Directions
Copy out exactly the lines below that run from the one holding "#5814=ORIENTED_EDGE('',*,*,#5796,.T.) ;" to the one holding "#5767=CIRCLE('generated circle',#5766,28.) ;", keeping both of those lines and no others.

Dataset

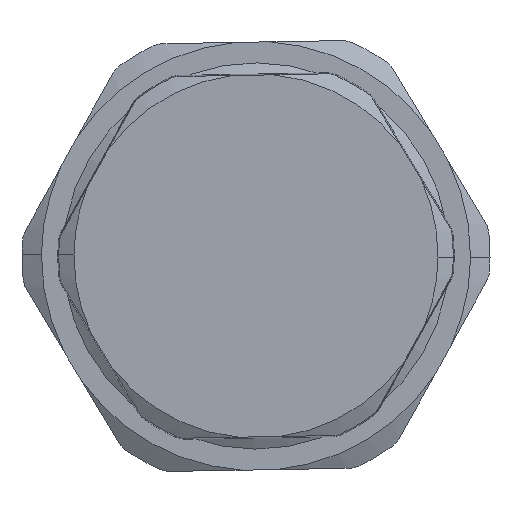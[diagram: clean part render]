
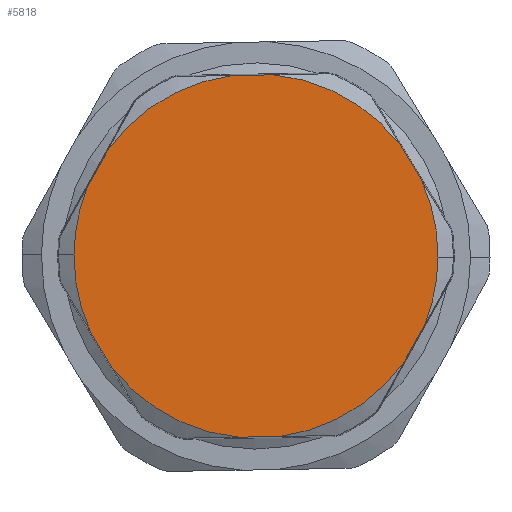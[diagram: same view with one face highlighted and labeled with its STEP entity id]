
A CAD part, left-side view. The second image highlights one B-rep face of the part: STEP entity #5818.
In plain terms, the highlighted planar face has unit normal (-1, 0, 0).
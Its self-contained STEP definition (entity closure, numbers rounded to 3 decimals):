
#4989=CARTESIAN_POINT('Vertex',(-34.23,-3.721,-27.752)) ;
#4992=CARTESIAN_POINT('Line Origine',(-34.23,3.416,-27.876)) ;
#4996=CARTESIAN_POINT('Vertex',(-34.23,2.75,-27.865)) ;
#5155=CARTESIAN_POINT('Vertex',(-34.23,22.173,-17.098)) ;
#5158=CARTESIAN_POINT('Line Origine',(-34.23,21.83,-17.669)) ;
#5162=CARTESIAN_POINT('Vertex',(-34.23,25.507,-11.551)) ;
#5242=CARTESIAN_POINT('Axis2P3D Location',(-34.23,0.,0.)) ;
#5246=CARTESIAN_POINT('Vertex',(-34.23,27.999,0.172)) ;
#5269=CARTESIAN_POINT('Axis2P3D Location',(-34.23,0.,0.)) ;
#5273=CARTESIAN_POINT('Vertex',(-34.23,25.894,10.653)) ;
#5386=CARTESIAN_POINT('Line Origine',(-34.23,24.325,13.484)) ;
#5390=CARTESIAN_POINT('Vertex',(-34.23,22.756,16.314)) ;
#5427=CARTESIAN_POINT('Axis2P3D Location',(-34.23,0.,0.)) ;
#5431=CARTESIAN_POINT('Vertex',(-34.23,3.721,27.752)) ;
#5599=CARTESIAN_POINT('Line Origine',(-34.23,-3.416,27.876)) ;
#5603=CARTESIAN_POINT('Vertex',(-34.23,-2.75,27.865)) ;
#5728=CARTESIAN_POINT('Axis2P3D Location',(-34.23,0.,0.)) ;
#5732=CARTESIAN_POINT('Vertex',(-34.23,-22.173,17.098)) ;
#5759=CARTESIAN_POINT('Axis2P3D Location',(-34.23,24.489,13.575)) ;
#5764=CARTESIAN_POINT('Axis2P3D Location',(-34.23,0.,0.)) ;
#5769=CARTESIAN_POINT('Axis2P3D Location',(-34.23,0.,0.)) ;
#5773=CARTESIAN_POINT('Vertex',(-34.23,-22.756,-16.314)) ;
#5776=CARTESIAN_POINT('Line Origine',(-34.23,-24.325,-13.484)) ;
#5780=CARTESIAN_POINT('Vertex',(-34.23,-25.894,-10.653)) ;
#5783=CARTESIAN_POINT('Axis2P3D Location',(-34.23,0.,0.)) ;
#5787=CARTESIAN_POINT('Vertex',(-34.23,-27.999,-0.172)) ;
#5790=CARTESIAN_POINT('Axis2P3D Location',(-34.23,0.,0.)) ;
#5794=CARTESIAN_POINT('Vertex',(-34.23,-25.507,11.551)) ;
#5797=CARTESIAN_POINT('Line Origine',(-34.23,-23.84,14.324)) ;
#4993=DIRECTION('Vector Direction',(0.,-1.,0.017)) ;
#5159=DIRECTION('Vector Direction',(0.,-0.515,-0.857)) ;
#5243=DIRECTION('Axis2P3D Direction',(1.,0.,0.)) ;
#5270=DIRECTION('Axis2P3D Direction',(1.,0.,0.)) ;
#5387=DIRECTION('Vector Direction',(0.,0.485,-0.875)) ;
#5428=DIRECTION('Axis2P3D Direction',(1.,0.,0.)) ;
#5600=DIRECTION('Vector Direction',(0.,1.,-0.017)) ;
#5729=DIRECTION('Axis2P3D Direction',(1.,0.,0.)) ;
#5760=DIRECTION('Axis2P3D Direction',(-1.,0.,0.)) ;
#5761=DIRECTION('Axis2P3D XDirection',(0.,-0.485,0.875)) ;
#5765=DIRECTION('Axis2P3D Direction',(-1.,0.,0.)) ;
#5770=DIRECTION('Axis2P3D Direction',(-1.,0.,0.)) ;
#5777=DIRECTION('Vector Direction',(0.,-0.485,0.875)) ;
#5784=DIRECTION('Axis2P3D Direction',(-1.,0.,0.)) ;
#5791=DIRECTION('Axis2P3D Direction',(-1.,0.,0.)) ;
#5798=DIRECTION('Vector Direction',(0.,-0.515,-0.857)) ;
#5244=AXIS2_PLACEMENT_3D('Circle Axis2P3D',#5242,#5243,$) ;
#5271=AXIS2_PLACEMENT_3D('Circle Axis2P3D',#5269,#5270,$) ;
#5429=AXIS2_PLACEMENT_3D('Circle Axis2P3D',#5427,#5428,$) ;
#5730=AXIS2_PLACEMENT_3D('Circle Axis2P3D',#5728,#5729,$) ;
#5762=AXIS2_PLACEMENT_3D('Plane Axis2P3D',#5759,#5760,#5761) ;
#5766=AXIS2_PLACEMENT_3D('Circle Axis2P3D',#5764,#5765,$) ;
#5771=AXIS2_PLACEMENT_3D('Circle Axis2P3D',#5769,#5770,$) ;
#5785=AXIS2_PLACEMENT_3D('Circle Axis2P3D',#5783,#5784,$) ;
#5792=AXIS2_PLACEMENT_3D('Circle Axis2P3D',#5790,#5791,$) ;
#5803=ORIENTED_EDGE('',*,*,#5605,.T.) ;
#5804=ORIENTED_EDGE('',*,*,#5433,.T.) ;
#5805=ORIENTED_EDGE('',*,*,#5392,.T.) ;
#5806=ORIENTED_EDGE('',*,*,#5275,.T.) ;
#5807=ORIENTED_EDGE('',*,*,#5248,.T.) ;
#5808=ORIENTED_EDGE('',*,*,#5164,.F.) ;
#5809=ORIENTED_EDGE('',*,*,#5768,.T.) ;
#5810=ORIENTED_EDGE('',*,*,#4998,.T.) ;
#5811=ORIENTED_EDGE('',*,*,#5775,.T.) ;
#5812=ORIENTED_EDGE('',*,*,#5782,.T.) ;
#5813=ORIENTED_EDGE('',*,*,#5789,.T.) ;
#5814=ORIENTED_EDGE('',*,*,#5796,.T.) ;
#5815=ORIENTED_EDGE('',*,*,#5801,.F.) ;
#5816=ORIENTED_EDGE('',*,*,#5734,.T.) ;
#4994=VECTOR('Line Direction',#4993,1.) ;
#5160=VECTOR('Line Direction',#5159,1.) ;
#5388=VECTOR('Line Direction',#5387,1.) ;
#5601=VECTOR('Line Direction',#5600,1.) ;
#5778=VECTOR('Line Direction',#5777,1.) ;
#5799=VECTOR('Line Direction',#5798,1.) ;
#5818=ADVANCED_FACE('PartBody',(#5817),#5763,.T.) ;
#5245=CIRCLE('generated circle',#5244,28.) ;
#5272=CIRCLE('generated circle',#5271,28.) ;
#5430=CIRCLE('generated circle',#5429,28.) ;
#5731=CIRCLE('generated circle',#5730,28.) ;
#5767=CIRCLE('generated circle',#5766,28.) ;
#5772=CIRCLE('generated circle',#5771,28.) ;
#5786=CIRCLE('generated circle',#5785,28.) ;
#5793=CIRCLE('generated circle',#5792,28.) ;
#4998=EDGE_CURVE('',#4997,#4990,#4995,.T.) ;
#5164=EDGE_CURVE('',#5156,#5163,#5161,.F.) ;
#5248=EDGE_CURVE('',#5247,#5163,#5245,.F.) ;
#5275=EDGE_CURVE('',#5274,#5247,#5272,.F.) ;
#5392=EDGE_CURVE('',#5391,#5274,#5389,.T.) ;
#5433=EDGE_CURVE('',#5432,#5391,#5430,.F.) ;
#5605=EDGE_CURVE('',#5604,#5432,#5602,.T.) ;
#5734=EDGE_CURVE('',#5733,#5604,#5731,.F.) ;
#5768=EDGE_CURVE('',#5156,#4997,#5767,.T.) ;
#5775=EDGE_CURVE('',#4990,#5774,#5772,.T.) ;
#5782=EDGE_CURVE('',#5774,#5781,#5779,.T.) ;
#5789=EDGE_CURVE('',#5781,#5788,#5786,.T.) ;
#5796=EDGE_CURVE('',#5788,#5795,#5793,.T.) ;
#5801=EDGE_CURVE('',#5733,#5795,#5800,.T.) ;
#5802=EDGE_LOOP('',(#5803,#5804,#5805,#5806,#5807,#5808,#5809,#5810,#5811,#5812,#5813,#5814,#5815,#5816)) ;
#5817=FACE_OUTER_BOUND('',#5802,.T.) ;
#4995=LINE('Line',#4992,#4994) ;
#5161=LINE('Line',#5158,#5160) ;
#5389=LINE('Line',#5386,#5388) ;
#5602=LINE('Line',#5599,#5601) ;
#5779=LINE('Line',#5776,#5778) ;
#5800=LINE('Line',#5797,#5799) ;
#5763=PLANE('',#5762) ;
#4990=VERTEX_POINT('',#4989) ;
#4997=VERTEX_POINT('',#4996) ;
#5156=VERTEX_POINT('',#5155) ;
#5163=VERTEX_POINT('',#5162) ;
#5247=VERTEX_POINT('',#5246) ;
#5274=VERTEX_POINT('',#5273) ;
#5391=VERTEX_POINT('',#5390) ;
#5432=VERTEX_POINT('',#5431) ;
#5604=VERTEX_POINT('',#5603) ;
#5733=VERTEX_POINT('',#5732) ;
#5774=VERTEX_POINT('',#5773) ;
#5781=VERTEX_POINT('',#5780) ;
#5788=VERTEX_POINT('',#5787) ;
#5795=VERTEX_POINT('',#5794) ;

Solution for this task
#5814=ORIENTED_EDGE('',*,*,#5796,.T.) ;
#5815=ORIENTED_EDGE('',*,*,#5801,.F.) ;
#5816=ORIENTED_EDGE('',*,*,#5734,.T.) ;
#4994=VECTOR('Line Direction',#4993,1.) ;
#5160=VECTOR('Line Direction',#5159,1.) ;
#5388=VECTOR('Line Direction',#5387,1.) ;
#5601=VECTOR('Line Direction',#5600,1.) ;
#5778=VECTOR('Line Direction',#5777,1.) ;
#5799=VECTOR('Line Direction',#5798,1.) ;
#5818=ADVANCED_FACE('PartBody',(#5817),#5763,.T.) ;
#5245=CIRCLE('generated circle',#5244,28.) ;
#5272=CIRCLE('generated circle',#5271,28.) ;
#5430=CIRCLE('generated circle',#5429,28.) ;
#5731=CIRCLE('generated circle',#5730,28.) ;
#5767=CIRCLE('generated circle',#5766,28.) ;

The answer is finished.